Immer mehr Ökonomen befürchten, Frankreich könne auch in den Teufelskreis aus Sozialkahlschlag, geringerer Nachfrage, schrumpfender Wirtschaft, höheren Staatsausgaben und geringeren Steuereinnahmen, zusätzlichem Haushaltsdefizit, neuen staatlichen Kürzungsprogrammen, noch geringerer Nachfrage, weiter schrumpfender Wirtschaft und so weiter geraten.

Zwei kapitalistische Wege

Die EZB-Beschlüsse vom 6. September haben nur zu einer vorübergehenden Beruhigung geführt. Die EZB hat eine weitere Karte zur Euro-Rettung ausgespielt. Sie betreibt jetzt ähnliche Maßnahmen wie sie die britische und die US-Notenbank schon seit Jahren betreiben – ohne dass dies in den USA zu einem stabilen Aufschwung geführt hätte (von Großbritannien ganz zu schweigen).

Angela Merkel laviert. Sie will den Euro verteidigen und zugleich konservative und nationalistische WählerInnen für die Union erhalten.

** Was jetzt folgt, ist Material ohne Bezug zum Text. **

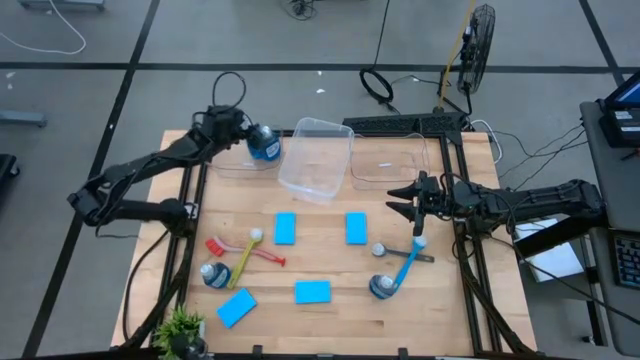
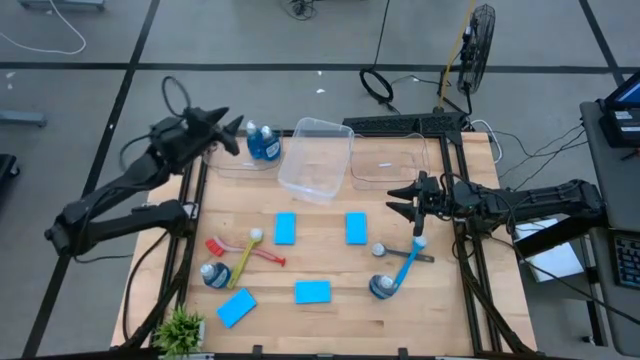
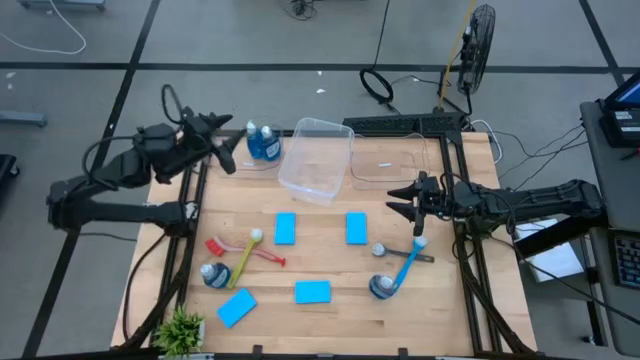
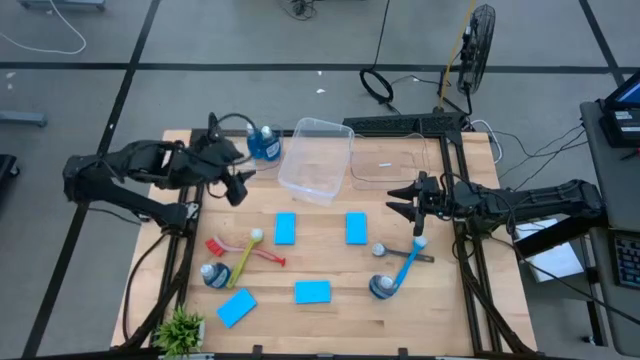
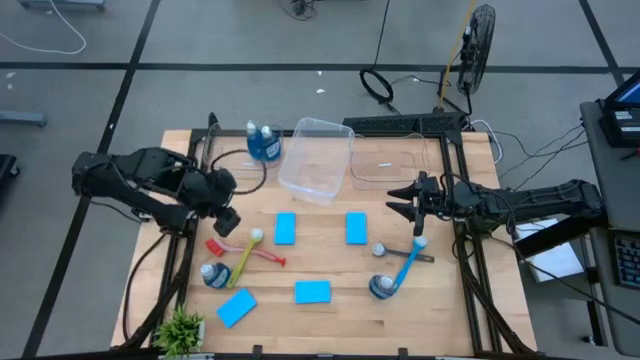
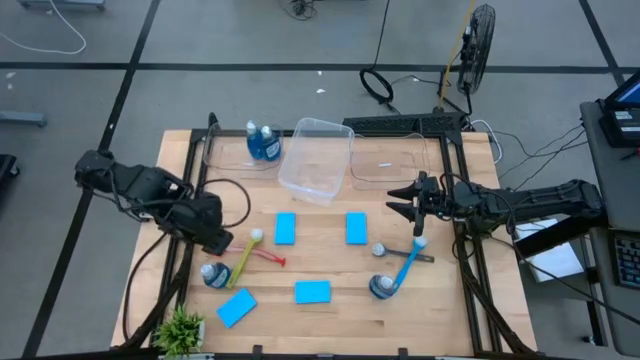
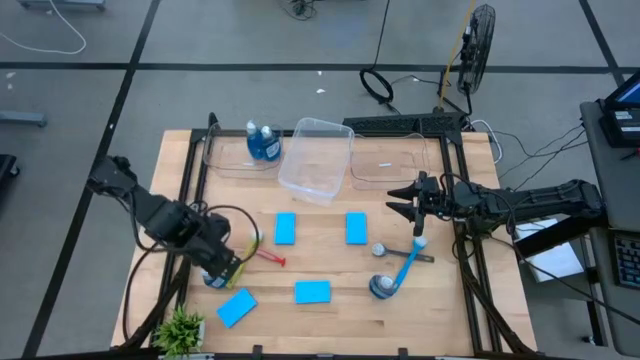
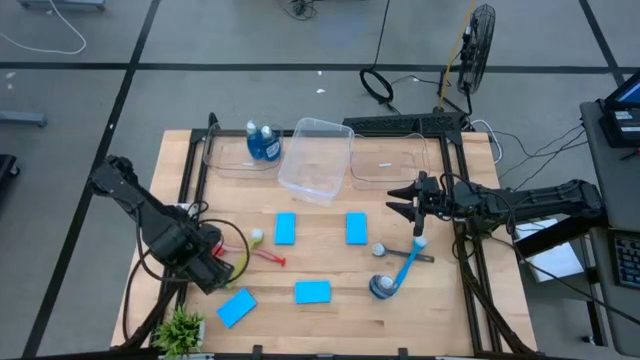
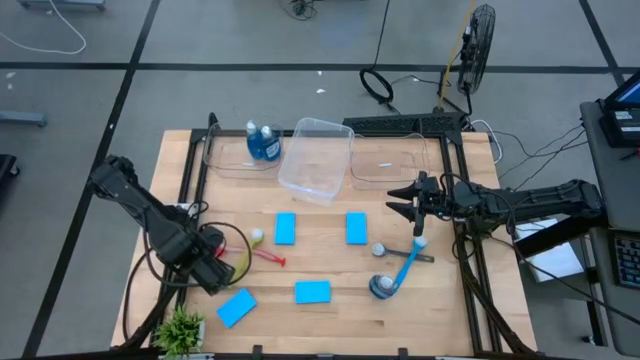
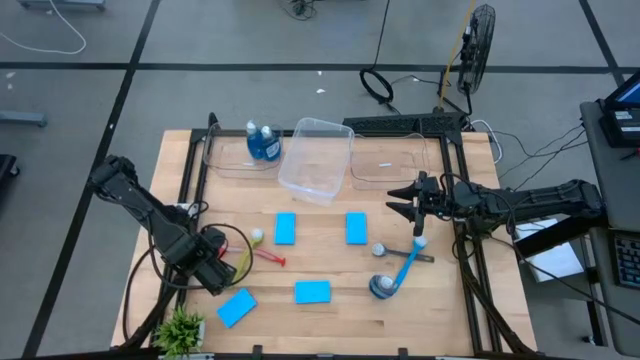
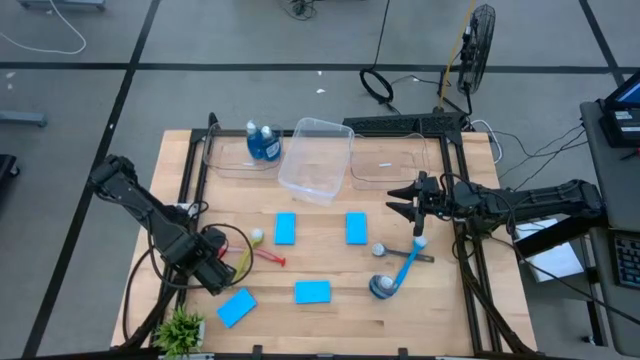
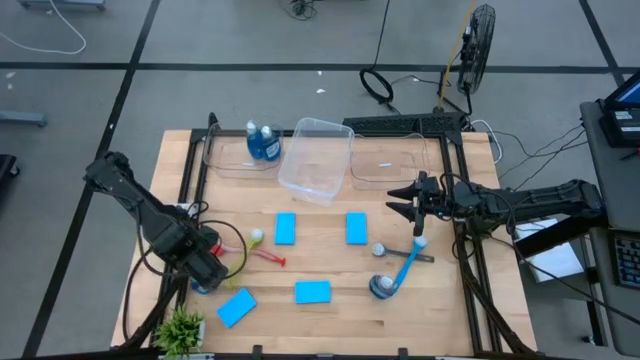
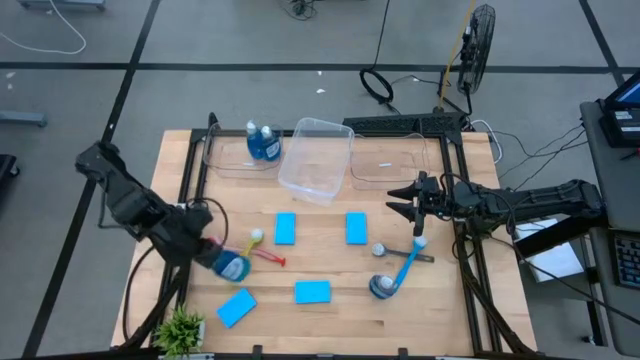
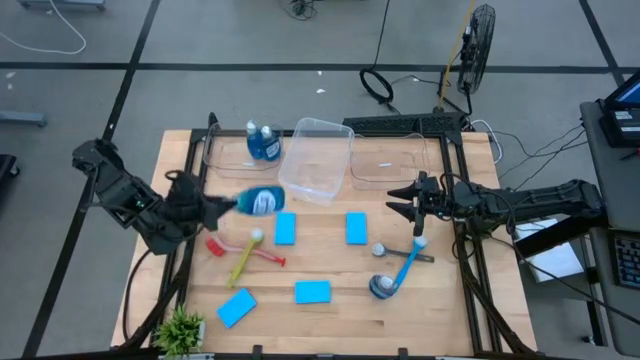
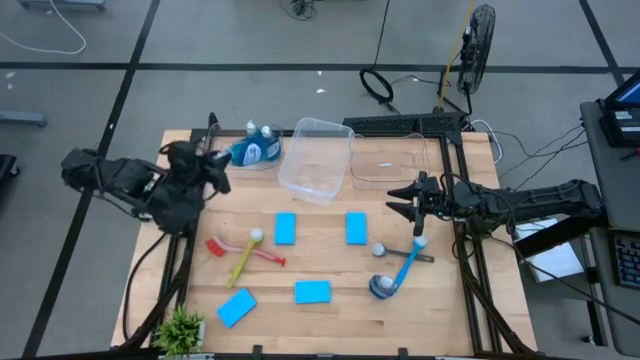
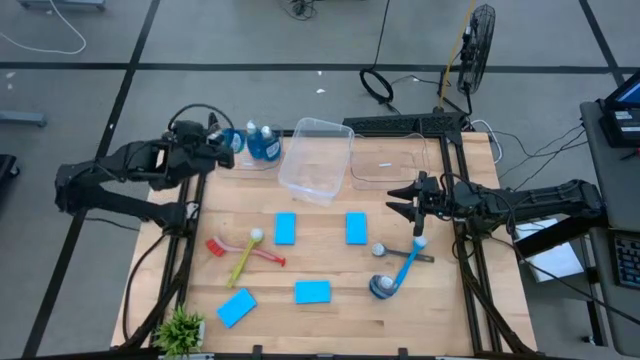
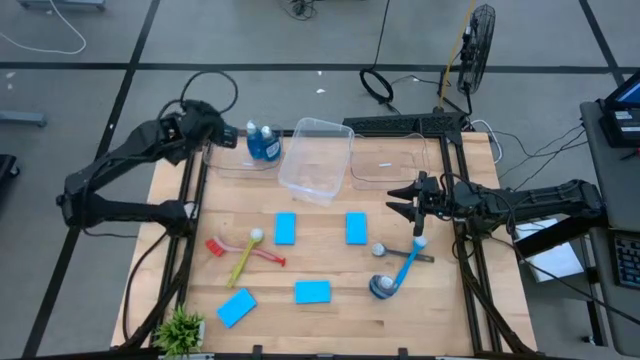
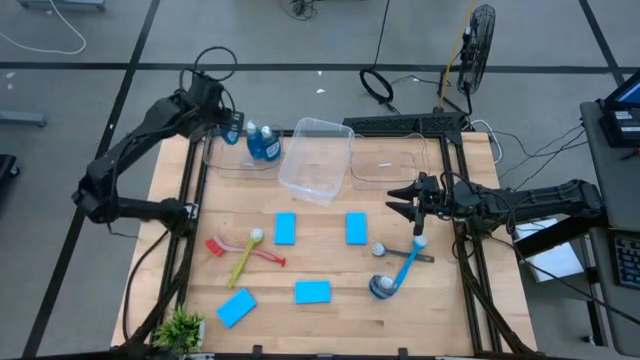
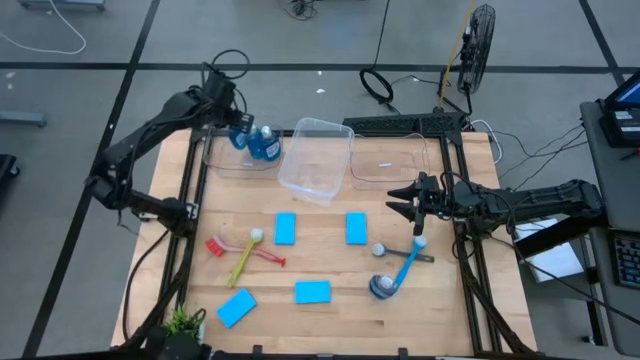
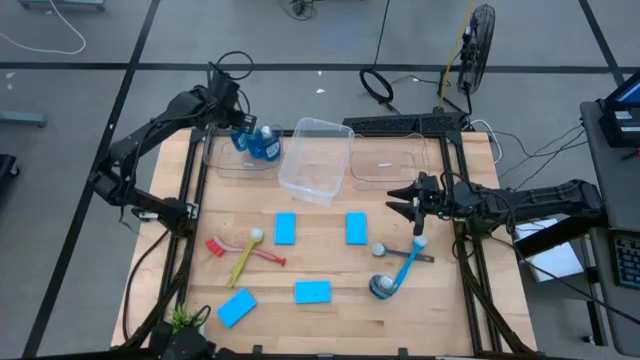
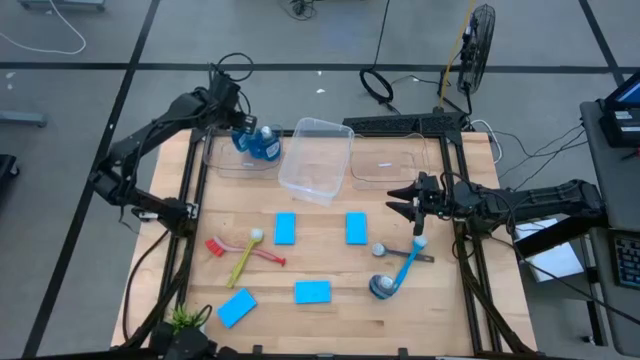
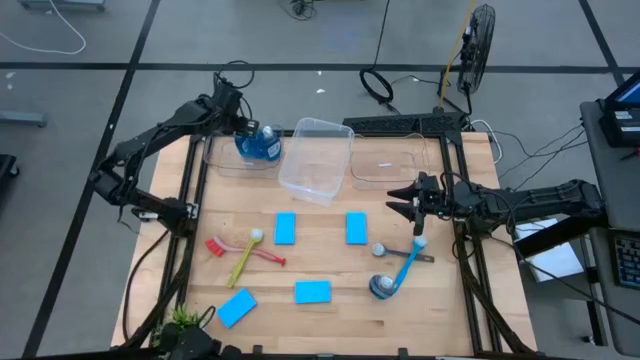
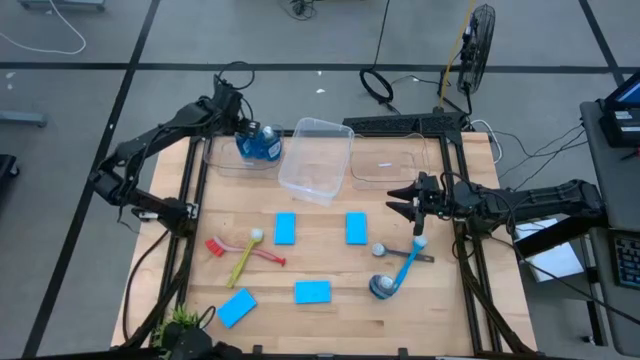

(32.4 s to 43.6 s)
Task: Pick & Place Kitchen Sink Supplies
Put the blue dishwashing liquid into the left transparent bin

SPD und Grüne präsentieren sich gerade als die konsequentesten Vertreter des deutschen Kapitals (oder zumindest der Kapitalfraktionen, die von Euro und EU profitieren). Wenn sie sich durchsetzen würden (zum Beispiel bei der nächsten Zuspitzung der Euro-Krise), könnte das dem Euro eine weitere Gnadenfrist verschaffen. Aber die Krise ist so tief, dass sie das deutsche Kapital überfordern würde.

DIE LINKE hat allen Grund, beide kapitalistische Wege abzulehnen.